Page 1: Who put Bella in the wych-elm? A Bayesian analysis of a 70

Who put Bella in the wych-elm?

A Bayesian analysis of a 70 year-old mystery

Norman Fenton and Martin Neil

Risk and Information Management Research Group

School of Electronic Engineering and Computer Science

Queen Mary University of London

London E1 4NS

[email protected] and [email protected]

2 August 2014

Page 2: Who put Bella in the wych-elm? A Bayesian analysis of a 70

Page 2

1. Background and Summary

The body of a female (who came to be known as Bella) found stuffed in a wych-elm tree in

Worcester in 1943 was never identified. Nor was there ever any reliable witness of the events

that led to her death. Based on forensic analysis of the body, as well as hearsay evidence and

folklore, a number of hypotheses about how and why she died and who was responsible were

proposed in subsequent years. One man, Jack Mossop, who died in 1942 (the year before Bella’s

body was discovered), was named after his death by two different relatives (his wife and a cousin)

as having been involved in Bella’s death.

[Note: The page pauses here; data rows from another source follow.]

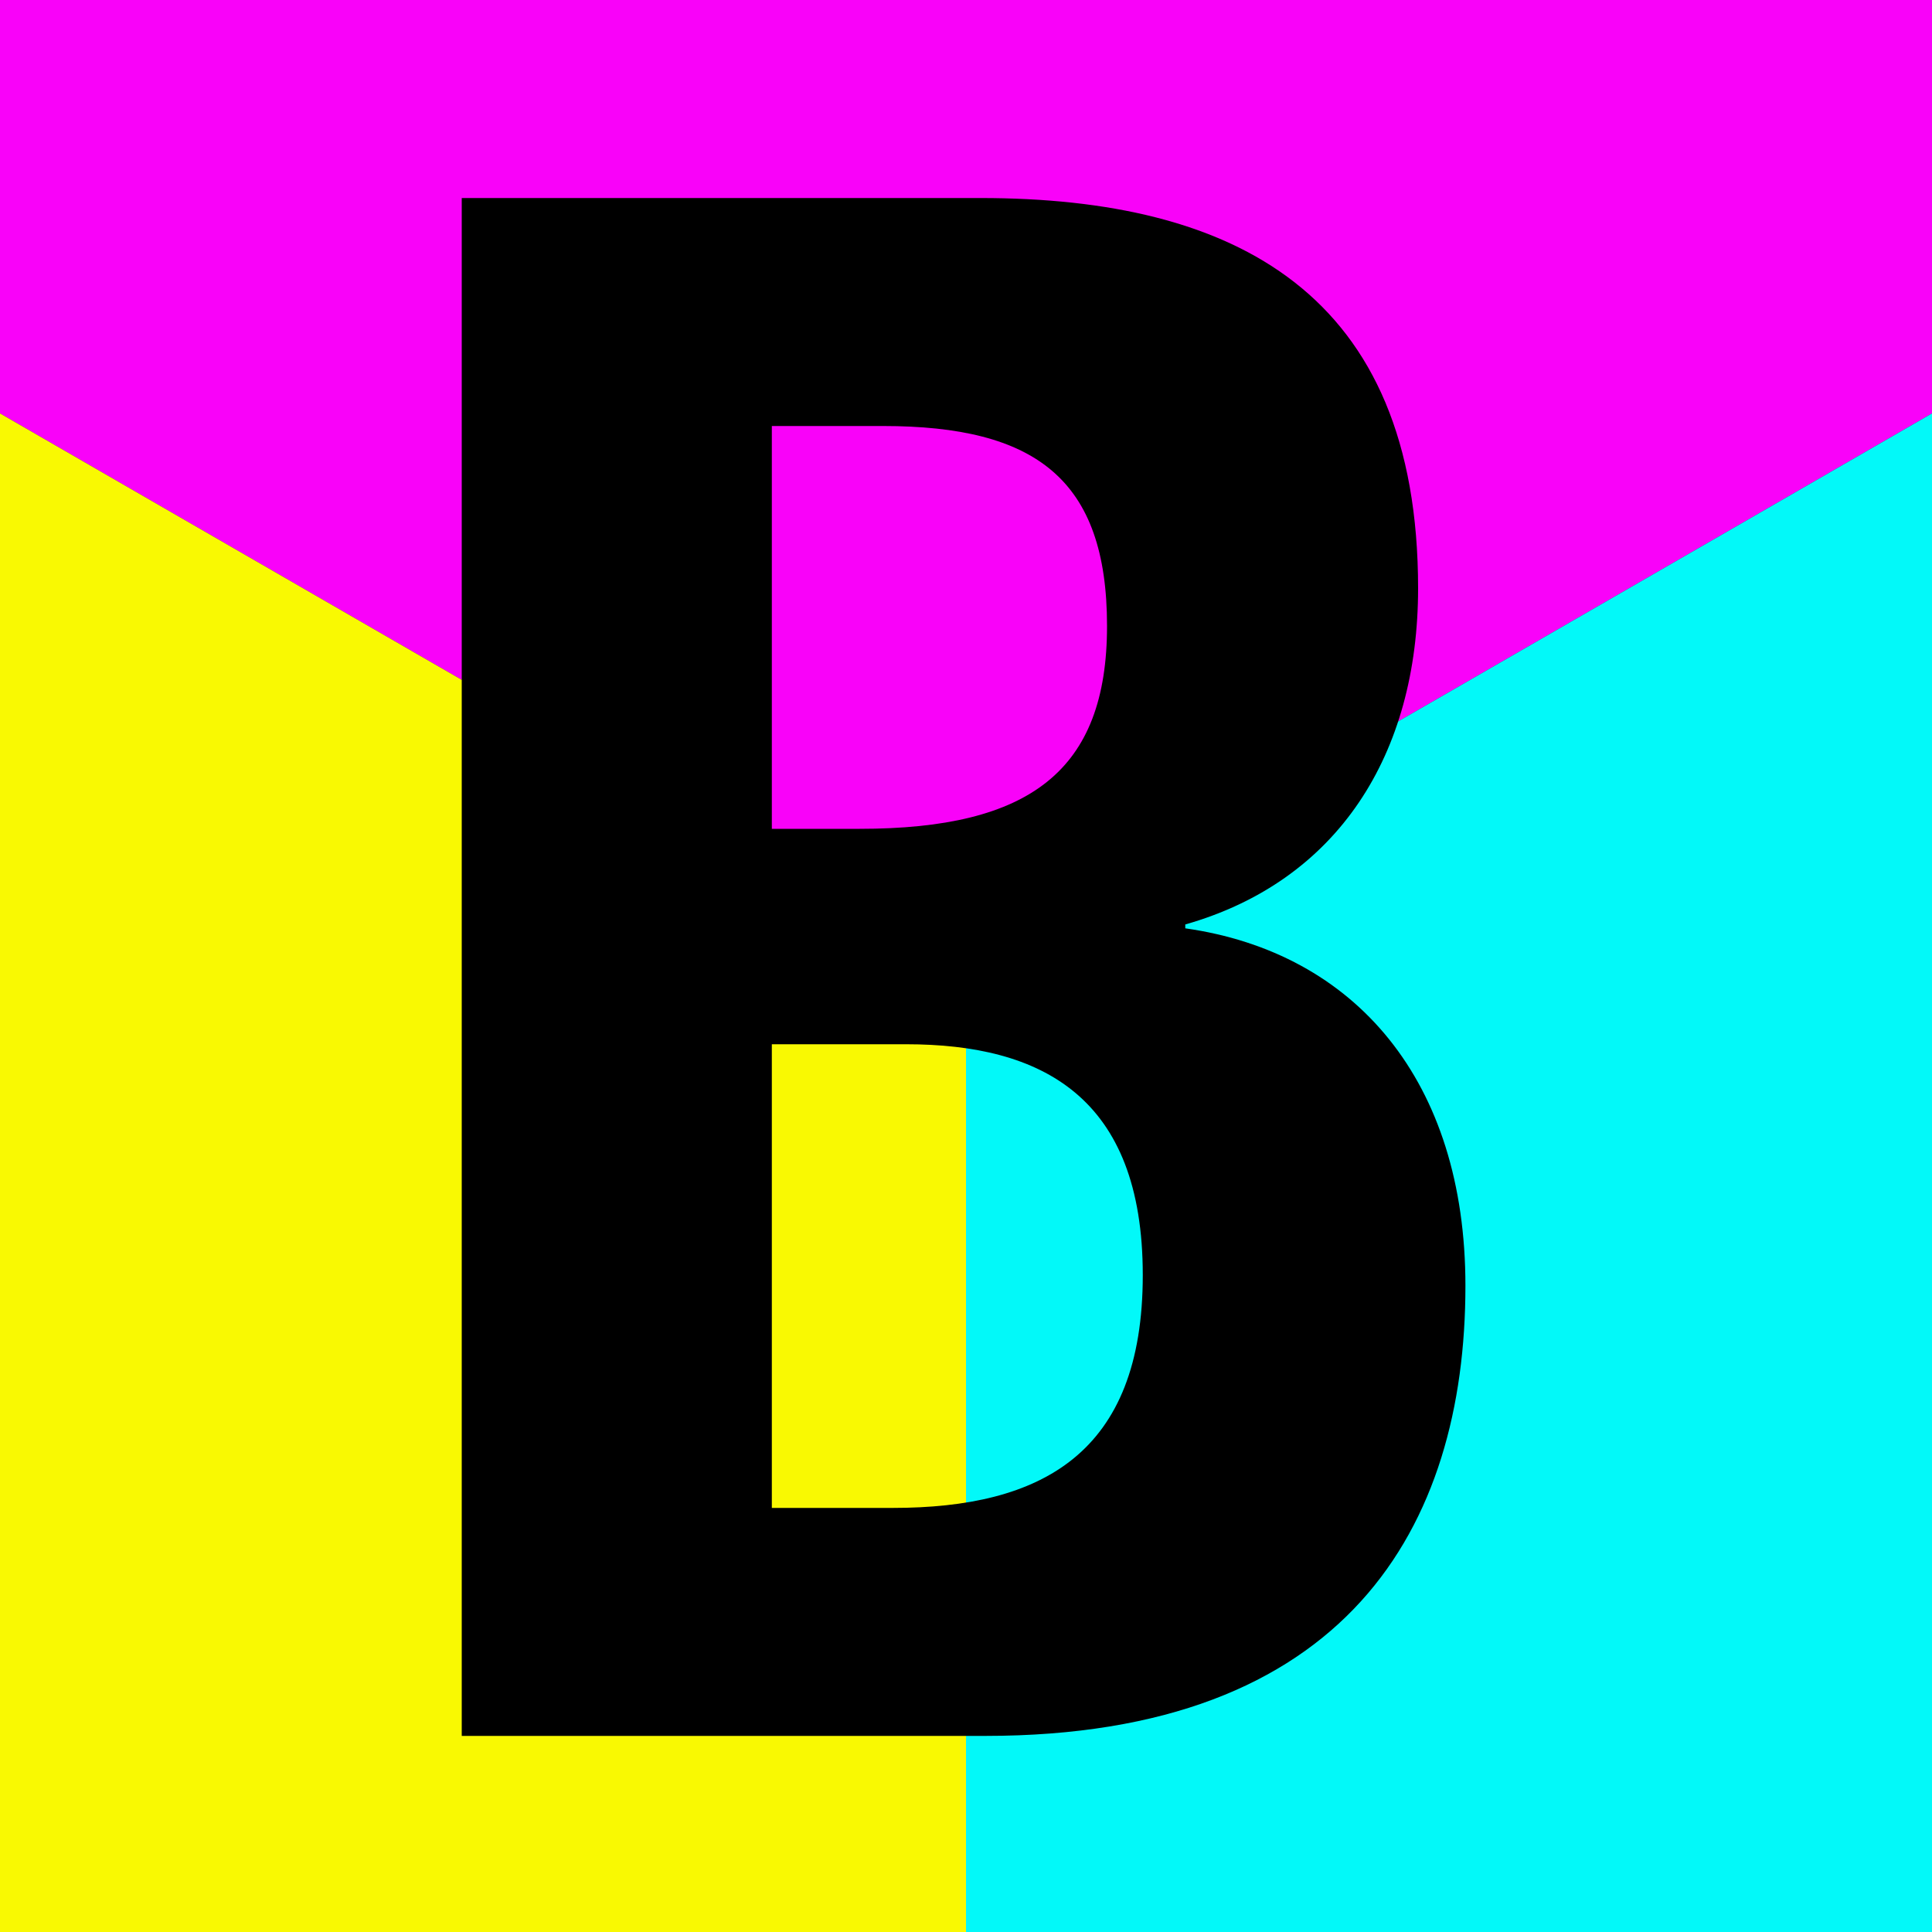 <?xml version="1.0" encoding="utf-8"?>
<!-- Generator: Adobe Illustrator 26.2.1, SVG Export Plug-In . SVG Version: 6.00 Build 0)  -->
<svg version="1.1" xmlns="http://www.w3.org/2000/svg" xmlns:xlink="http://www.w3.org/1999/xlink" x="0px" y="0px"
	 viewBox="0 0 200 200" style="enable-background:new 0 0 200 200;" xml:space="preserve">
<rect x="0" y="0" width="200" height="200" fill="#333333" stroke="none"/>
<style type="text/css">
	.st0{fill:#F902F9;}
	.st1{fill:#F9F902;}
	.st2{fill:#02F9F9;}
</style>
<g id="Layer_1">
	<g>
		<polyline class="st0" points="0,0 0,42.8 100,100.5 200,42.8 200,0 		"/>
	</g>
	<g>
		<polyline class="st1" points="100,200 100,100.5 0,42.8 0,200 		"/>
	</g>
	<g>
		<polyline class="st2" points="200,200 200,42.8 100,100.5 100,200 		"/>
	</g>
</g>
<g id="Layer_2">
	<g>
		<path d="M47.8,20.5h53.7c26.3,0,45.3,9.8,45.3,40.4c0,17.2-8.3,30.3-24.1,34.8v0.4c17.6,2.5,29,15.8,29,37
			c0,25-12.3,46.6-49.7,46.6H47.8V20.5z M79.9,85.8H89c17.6,0,25.6-6,25.6-21c0-15.2-7.4-20.7-23.2-20.7H79.9V85.8z M79.9,156.1
			h12.5c15.4,0,25.9-5.6,25.9-24.1c0-18.5-10.5-23.9-24.5-23.9H79.9V156.1z"/>
	</g>
</g>
</svg>

However, in the absence of hard evidence and the lack

of promising leads the case was eventually closed as unsolved in 2005.

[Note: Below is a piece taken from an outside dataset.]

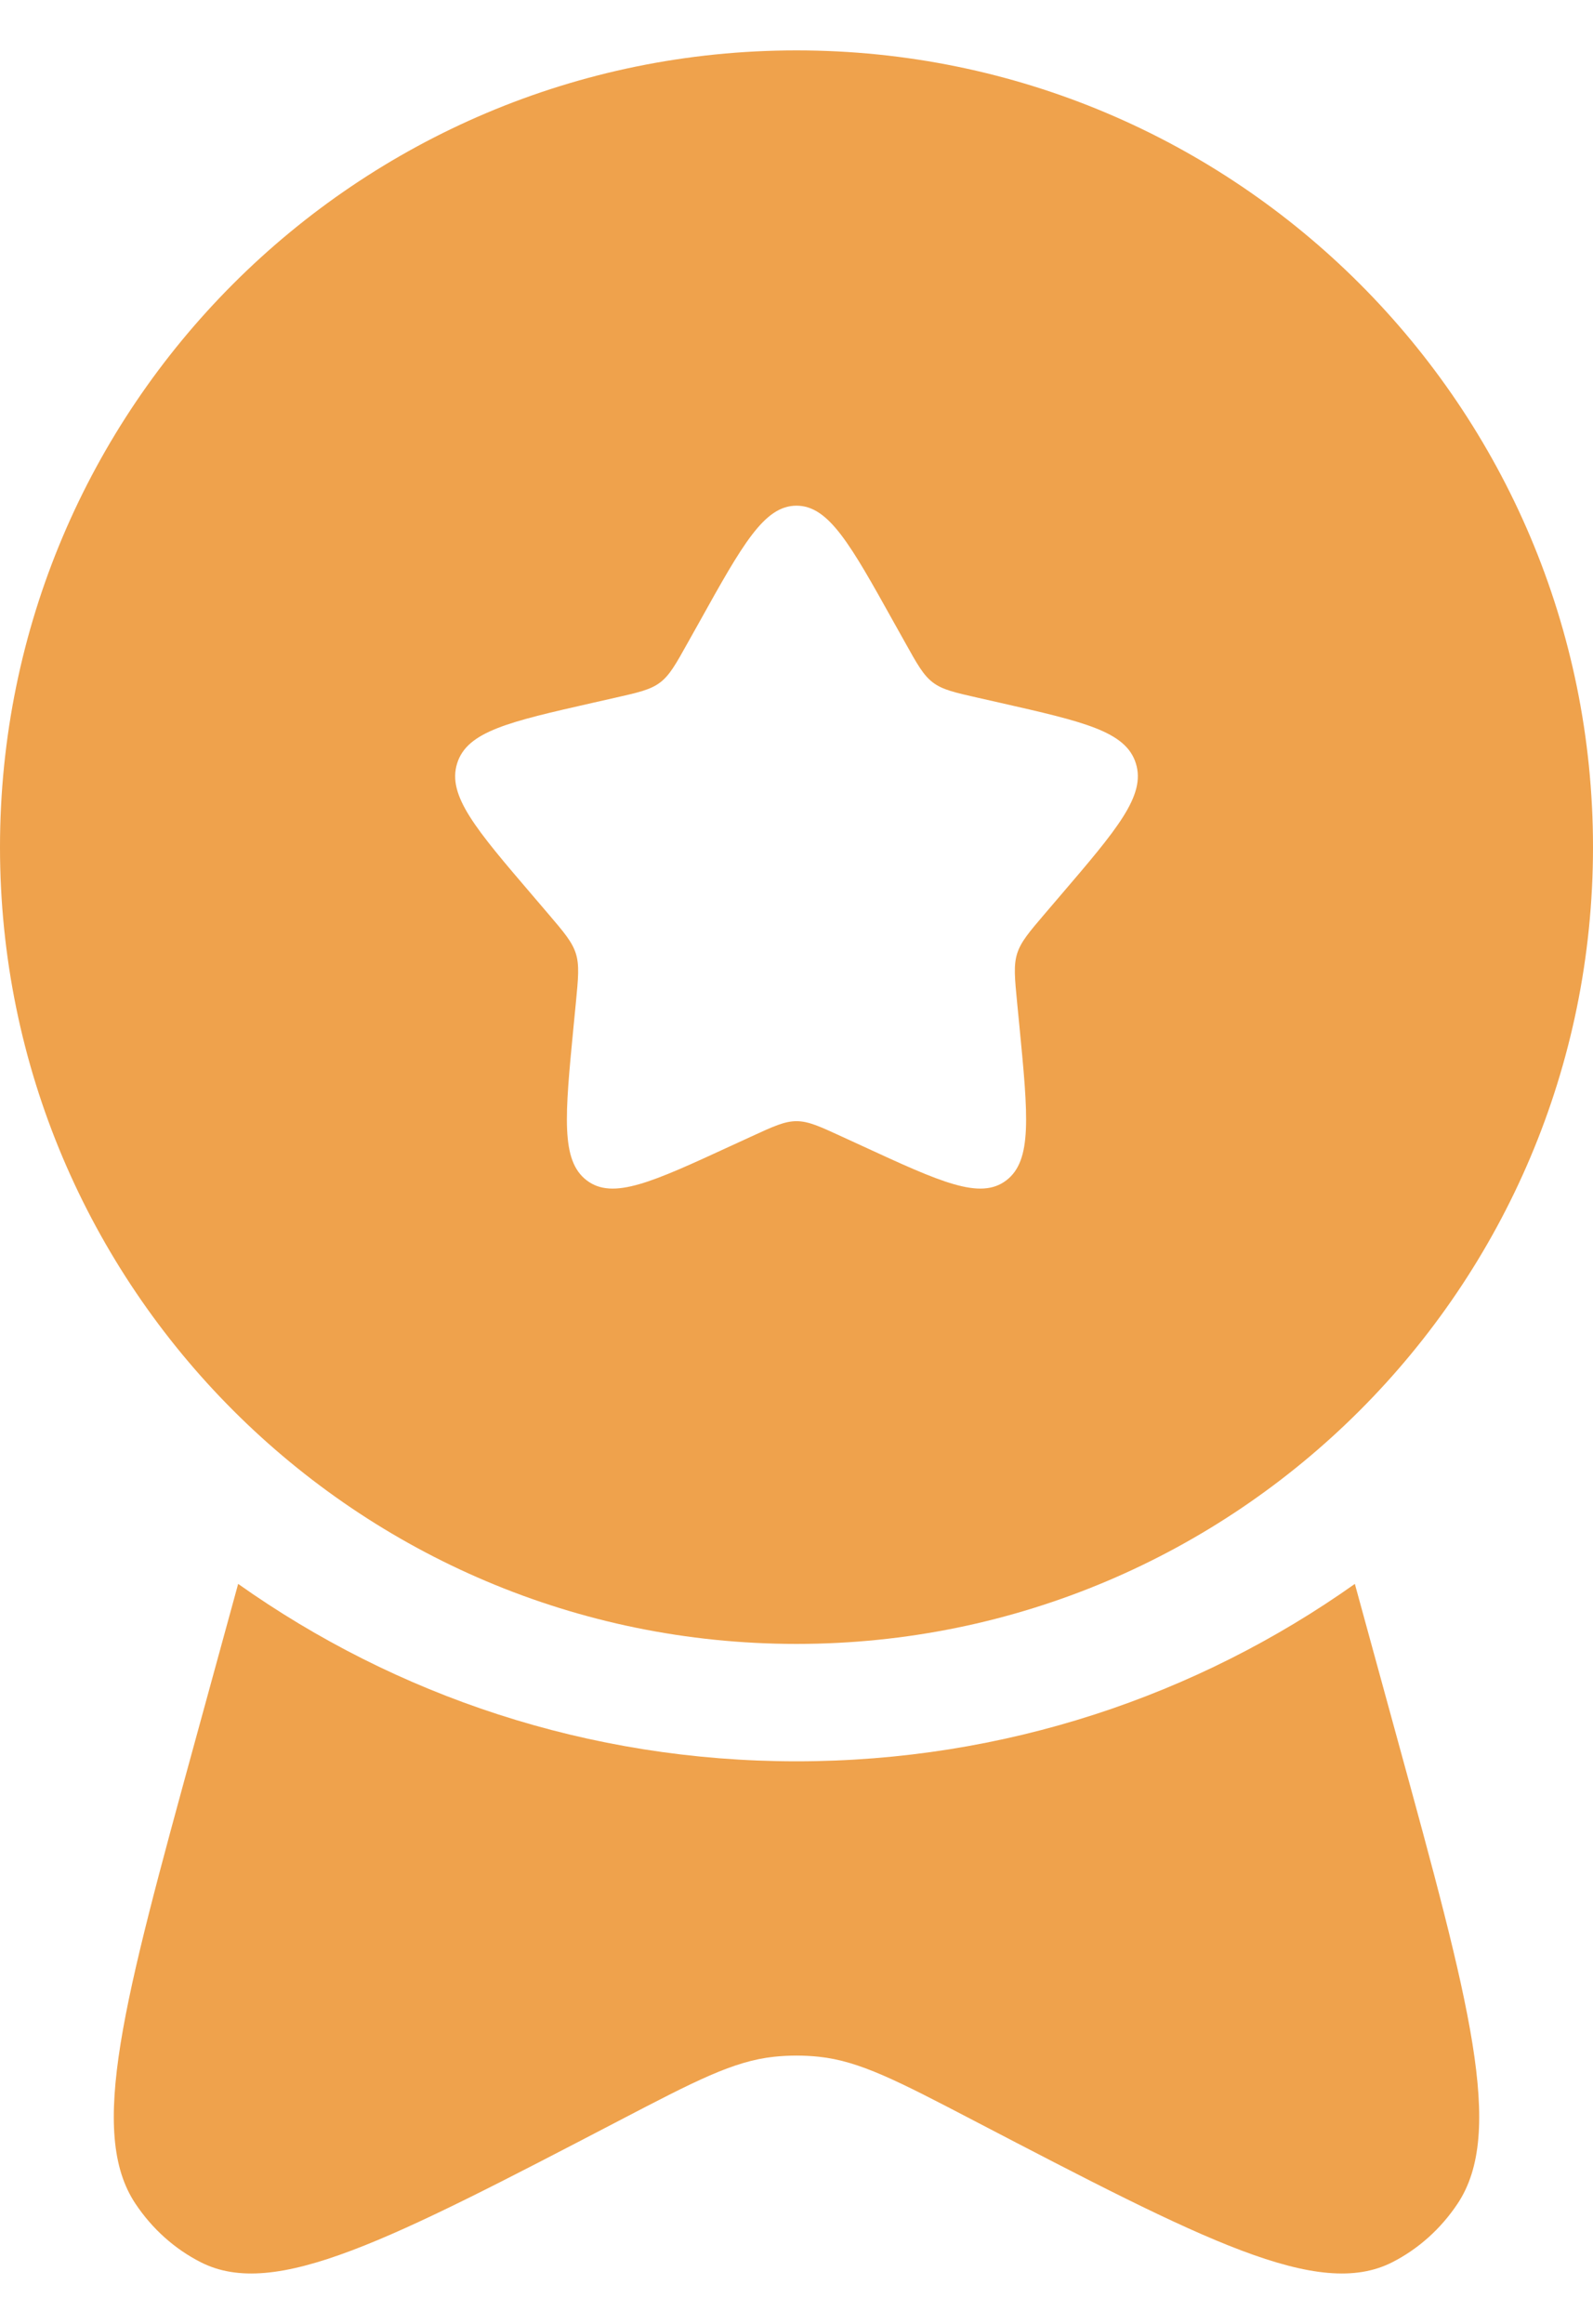 <svg width="24" height="35" viewBox="0 0 24 35" fill="none" xmlns="http://www.w3.org/2000/svg">
<path fill-rule="evenodd" clip-rule="evenodd" d="M12 24.759C18.627 24.759 24 19.386 24 12.759C24 6.131 18.627 0.759 12 0.759C5.373 0.759 0 6.131 0 12.759C0 19.386 5.373 24.759 12 24.759ZM12 7.616C11.513 7.616 11.187 8.2 10.536 9.369L10.367 9.671C10.182 10.003 10.09 10.169 9.945 10.279C9.801 10.388 9.621 10.429 9.262 10.51L8.935 10.584C7.67 10.871 7.037 11.014 6.887 11.498C6.736 11.982 7.167 12.486 8.03 13.494L8.253 13.755C8.498 14.042 8.62 14.185 8.676 14.362C8.731 14.539 8.712 14.731 8.675 15.113L8.641 15.461C8.511 16.806 8.446 17.479 8.84 17.778C9.234 18.077 9.826 17.805 11.01 17.259L11.317 17.118C11.653 16.963 11.822 16.886 12 16.886C12.178 16.886 12.347 16.963 12.683 17.118L12.99 17.259C14.174 17.805 14.766 18.077 15.16 17.778C15.554 17.479 15.489 16.806 15.359 15.461L15.325 15.113C15.288 14.731 15.269 14.539 15.324 14.362C15.38 14.185 15.502 14.042 15.747 13.755L15.97 13.494C16.833 12.486 17.264 11.982 17.113 11.498C16.963 11.014 16.33 10.871 15.065 10.584L14.738 10.51C14.379 10.429 14.199 10.388 14.055 10.279C13.91 10.169 13.818 10.003 13.633 9.671L13.464 9.369C12.813 8.2 12.487 7.616 12 7.616Z" fill="#EFA24C"/>
<path d="M3.588 23.855L2.939 26.223C1.862 30.152 1.323 32.117 2.042 33.192C2.294 33.569 2.631 33.871 3.024 34.071C4.142 34.641 5.87 33.74 9.325 31.94C10.474 31.341 11.049 31.042 11.66 30.977C11.886 30.953 12.114 30.953 12.34 30.977C12.951 31.042 13.526 31.341 14.675 31.94C18.13 33.74 19.858 34.641 20.977 34.071C21.369 33.871 21.706 33.569 21.958 33.192C22.677 32.117 22.139 30.152 21.061 26.223L20.412 23.855C18.036 25.538 15.133 26.527 12 26.527C8.867 26.527 5.964 25.538 3.588 23.855Z" fill="#EFA24C"/>
</svg>

In June 2014 the BBC asked us whether statistical/probabilistic reasoning could help solve the mystery of who put Bella in the wych-elm, as this was to be the subject of one the programmes in the Punt PI Series on BBC Radio 4 (http://www.bbc.co.uk/programmes/b04c9dfn first transmitted on 2 August 2014 and available on BBC iPlayer). Some of the background and theories about the case can be found in [7] and [8], although not all of the information provided there was consistent with the more detailed information given to us by the BBC team.

The case involves multiple connected unknown hypotheses, and multiple related pieces of

uncertain information and is therefore suitable for analysis using a probabilistic technique called a

Bayesian Networks [3]. A Bayesian Network (BN) is a model that combines all of the different

types of relevant information together in order to calculate the probabilities of all of the unknown

hypotheses. In the Bella case a BN model was developed using a method recently proposed for

legal cases that is based on applying a small number of repeatable patterns of reasoning (idioms)

[5]. Once all of the available knowledge available about the case was entered into the model, in

the form of ‘prior’ probability assumptions, the following ‘posterior’ probabilities were

determined:

99% that the cause of death was criminal

97% that Bella was not British

93% that Bella was still alive when put in the tree

33% that Jack Mossop was involved in her death (and 7% that it was some intelligence

service)

25% that Bella was a spy, 16% that she was a prostitute.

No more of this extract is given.